Joseph Foster, for defendant
(Ansell, Zaro, Bennett & Grimm, attorneys).
HAMILL, J.T.C.
The following opinion is submitted pursuant to R. 2:5-1(b) and sets forth my findings and conclusions with respect to
plaintiff Grandal Enterprises' application for Freeze Act relief.
Plaintiff appeals my order of February 14, 1995 denying
as moot its Freeze Act application for Block 184, Lot 4 for the
1993 and 1994 tax years. (I did not receive a copy of plaintiff's
notice of appeal until April 25, 1995.) After hearing argument on
January 20, 1995 and February 10, 1995, I denied the application
because the assessor had in fact entered the 1993 and 1994
assessments on Lot 4 at $2,993,000, the same figure that is
reflected in a judgment of the Tax Court for the 1992 tax year. In
my view, plaintiff has thus obtained the benefit of the Freeze Act,
and there is nothing more that can be accomplished by way of a
Freeze Act judgment.
A summary of the undisputed facts set forth in the
parties' respective certifications and by counsel during oral
argument follows. I have accepted as true counsels' factual
assertions to the extent they appear to be based on personal
knowledge and are not disputed.
In 1973 plaintiff purchased a 16.22 acre parcel in
Keansburg Borough. In so doing it succeeded to a lease between the
prior owner as landlord and the borough for 9.5 of the 16.22 acres.
The rent for the 9.5 acres was stated to be $1 per year and payment
of the taxes. Rather than pay itself taxes, the borough maintains
that it created a separate lot 4X on the tax duplicate covering the
9.5 acres and marked the lot exempt.See footnote 1 The borough did not advise
plaintiff that an exempt lot 4X had been created. Plaintiff
apparently was unaware of the terms of the lease and believed it
was paying taxes on the entire 16.22 acre parcel despite the fact
that the tax bills it received indicated that lot 4 contained only
6.72 acres.
In April 1993 the borough advised plaintiff that the
lease on the 9.5 acres would not be renewed. The borough further
advised plaintiff that "[t]he property will be returned to the tax
rolls and you will be receiving a pro-rated tax bill for the
remainder of 1993 based on the current assessment of the property."

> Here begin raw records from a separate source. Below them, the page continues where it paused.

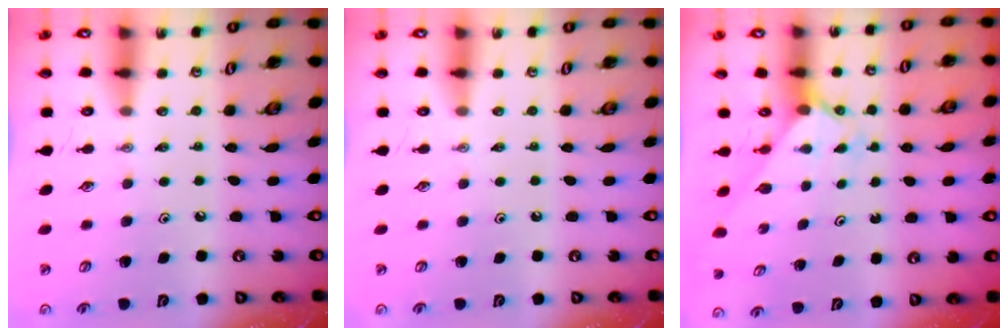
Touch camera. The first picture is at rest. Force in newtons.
{"total": 0.0}
{"total": 2.0, "press": 2.0, "slide": 0.2}
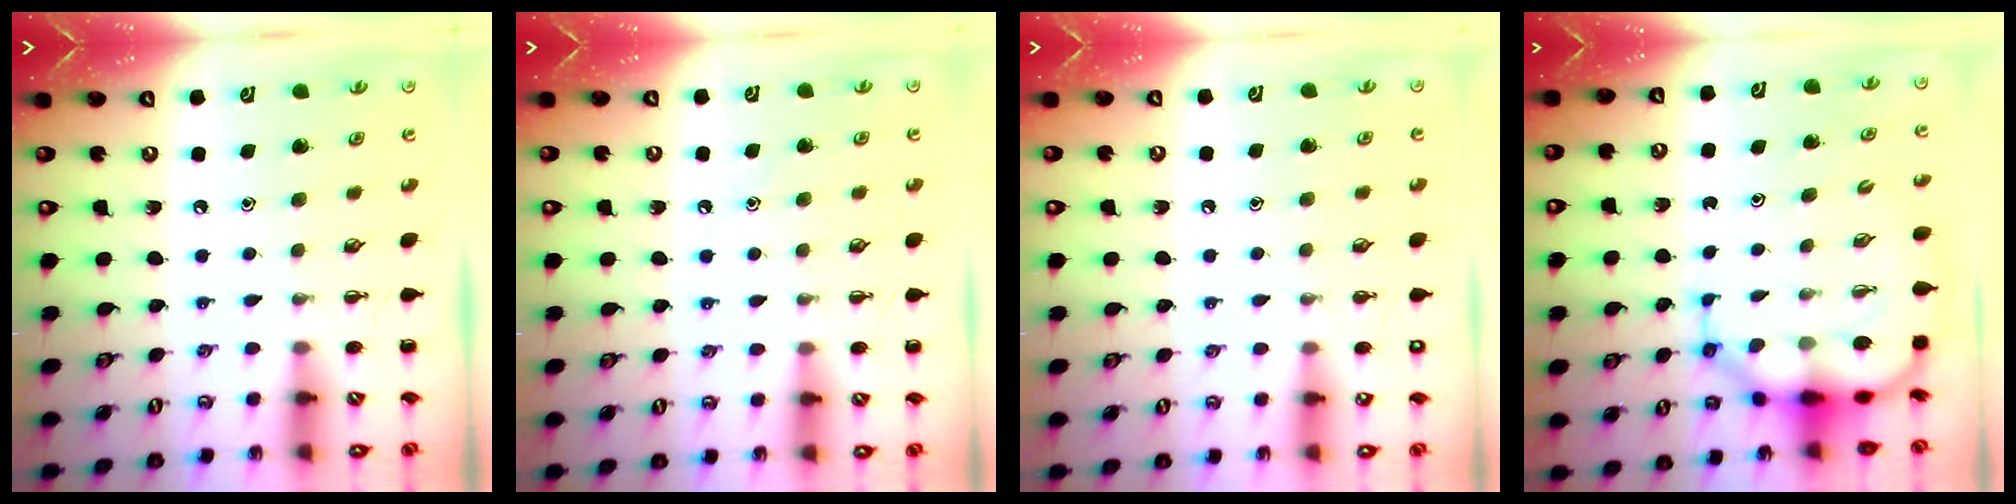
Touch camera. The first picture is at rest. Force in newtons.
{"total": 6.4, "press": 6.1, "slide": 2.0}
{"total": 1.4, "press": 1.4, "slide": 0.1}
{"total": 9.4, "press": 8.9, "slide": 3.0}
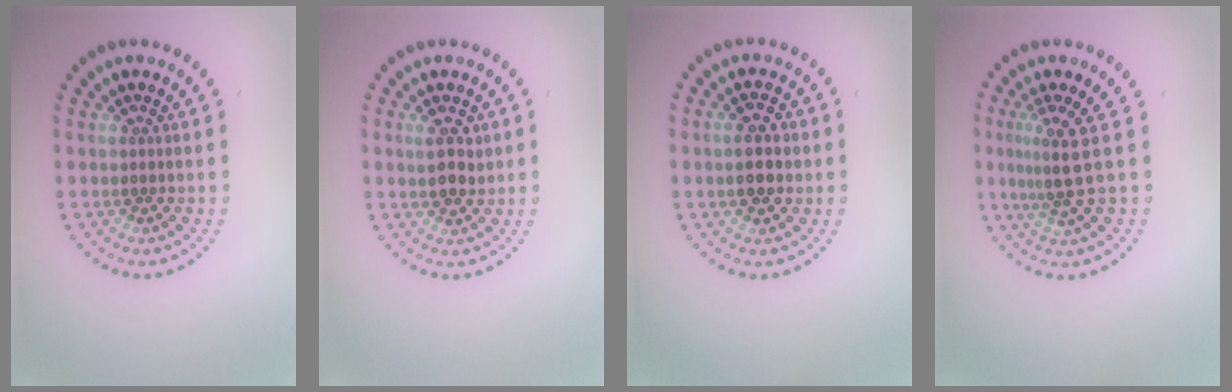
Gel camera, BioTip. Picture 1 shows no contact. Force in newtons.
{"total": 2.5, "press": 2.4, "slide": 0.6}
{"total": 3.6, "press": 3.6, "slide": 0.3}
{"total": 3.2, "press": 2.3, "slide": 2.2}
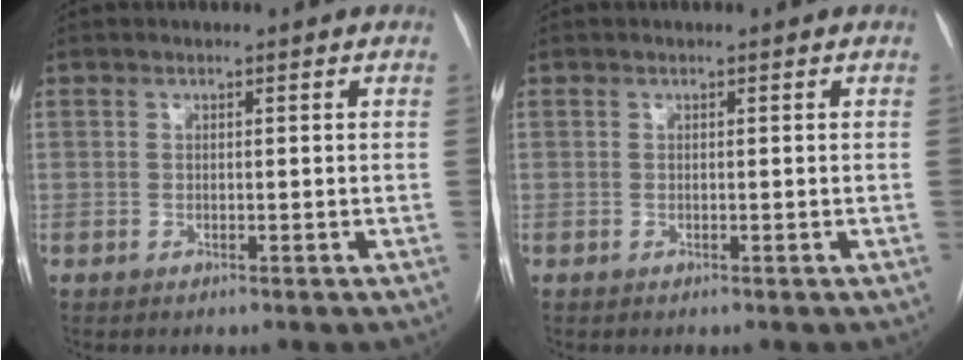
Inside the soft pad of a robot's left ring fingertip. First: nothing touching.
{"total": 0.0}
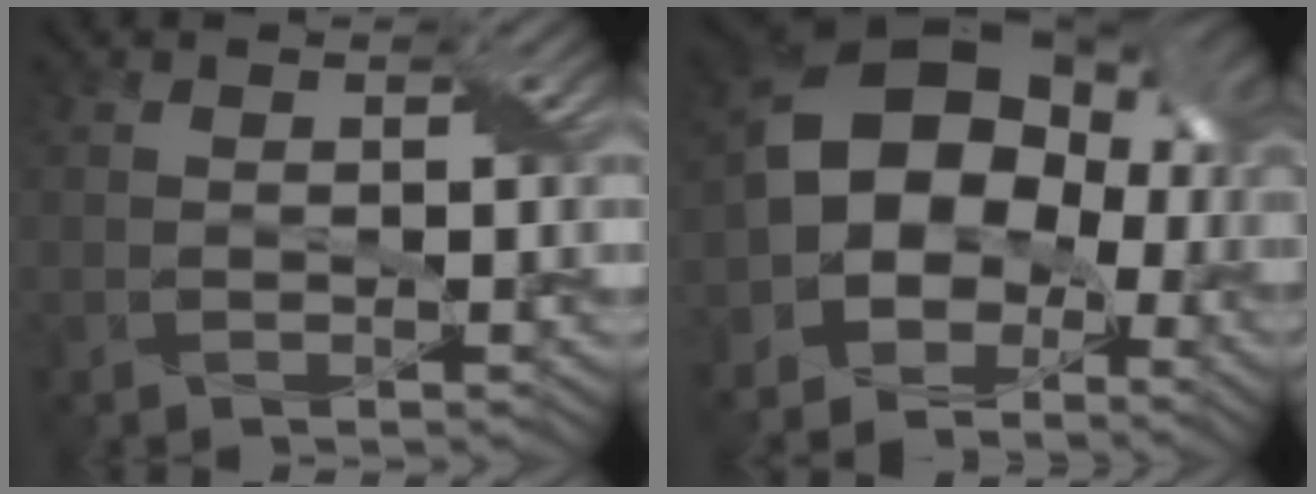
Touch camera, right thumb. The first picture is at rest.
{"total": 15.7, "force": [-2.6, 12.5, 9.2], "torque": [-0.167, -0.014, -0.048]}
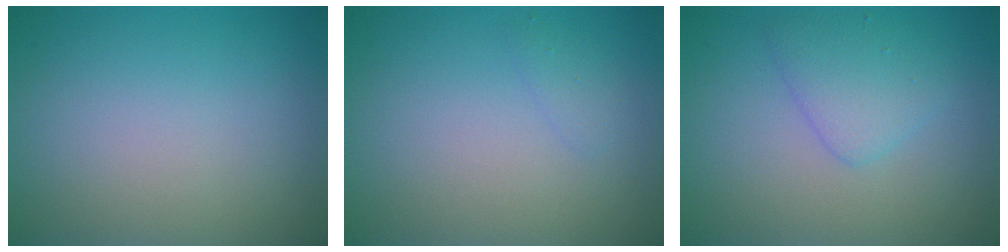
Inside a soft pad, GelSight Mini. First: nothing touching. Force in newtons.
{"total": 0.8, "press": 0.8, "slide": 0.0}
{"total": 2.6, "press": 2.6, "slide": 0.2}
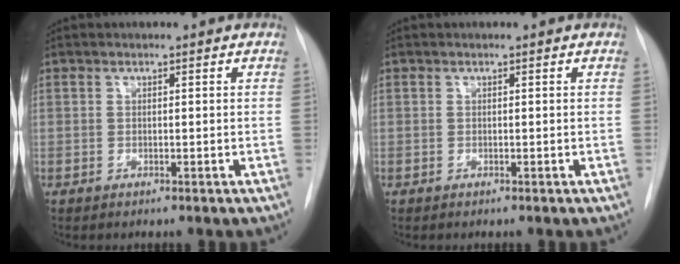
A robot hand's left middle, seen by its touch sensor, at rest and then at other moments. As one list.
[{"total": 0.0}]
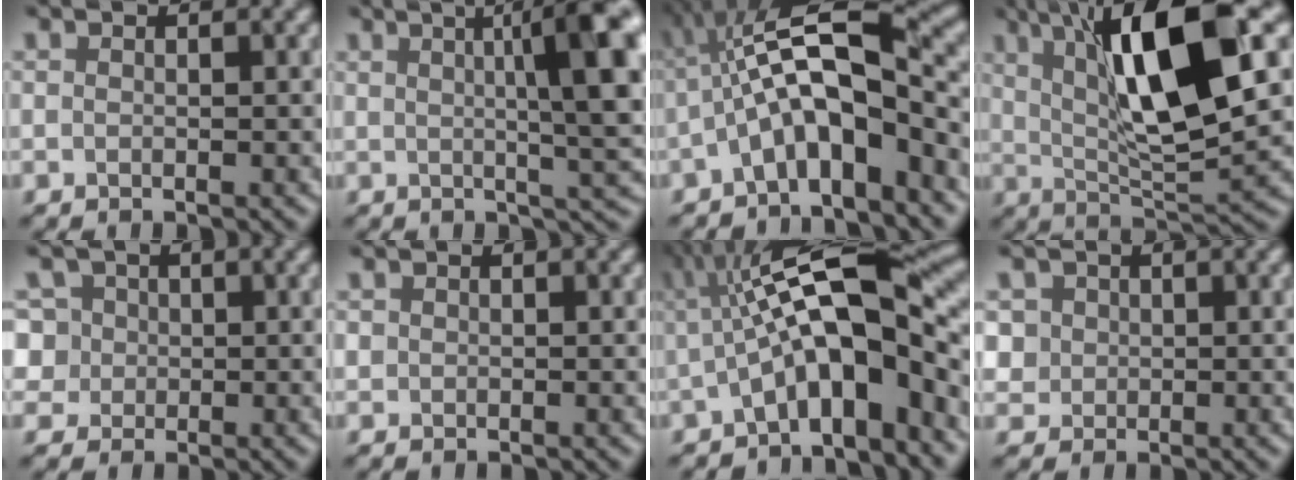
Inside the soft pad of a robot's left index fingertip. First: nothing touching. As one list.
[{"total": 11.9, "force": [2.5, 3.0, 11.2], "torque": [-0.119, 0.007, 0.028]}, {"total": 8.6, "force": [-2.6, 2.8, 7.7], "torque": [-0.126, 0.022, -0.054]}, {"total": 12.5, "force": [3.8, 3.2, 11.5], "torque": [-0.184, 0.005, 0.064]}, {"total": 6.5, "force": [1.8, 5.8, 2.4], "torque": [-0.044, 0.029, 0.001]}, {"total": 0.6, "force": [0.1, 0.5, -0.1], "torque": [0.001, -0.002, 0.003]}, {"total": 10.6, "force": [-0.9, 3.2, 10.1], "torque": [-0.151, 0.015, -0.027]}, {"total": 2.8, "force": [0.8, 2.6, 0.6], "torque": [-0.017, 0.001, 0.019]}]
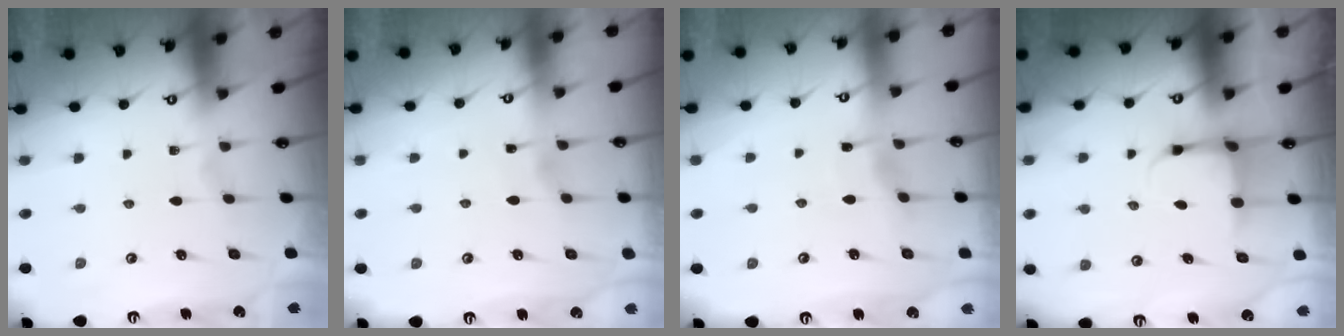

Consistent with its letter, the borough returned the "exempt" lot
4X to the tax rolls by issuing an omitted added assessment for 6
months of the 1993 tax year and an added assessment for the full 12
months of 1994. N.J.S.A. 54:4-63.26 to -63.29; 18 Washington Place
Assocs. v. Newark,
8 N.J. Tax 608 (Tax 1986). The additional
assessment attributable to lot 4X amounted to $190,000 for the full
tax year. Plaintiff did not appeal these assessments, and, by the
time plaintiff's Freeze Act application was filed, the time to
appeal the added assessments had expired. N.J.S.A. 54:4-63.11.See footnote 2
Meanwhile, plaintiff had appealed the 1992 assessment on
lot 4, and on June 22, 1992, the Tax Court entered a judgment
pursuant to settlement reducing the assessment on lot 4 to
$2,993,000.See footnote 3
On December 20, 1994, plaintiff sought application of the
Freeze Act, N.J.S.A. 54:51A-8, to the 1992 settlement judgment.
Plaintiff maintained that the 1992 tax appeal covered the entire
16.22 acres, that there is no separate lot 4X or, if there is, it
was improperly created by the borough, and that the added
assessments for lot 4X are therefore improper.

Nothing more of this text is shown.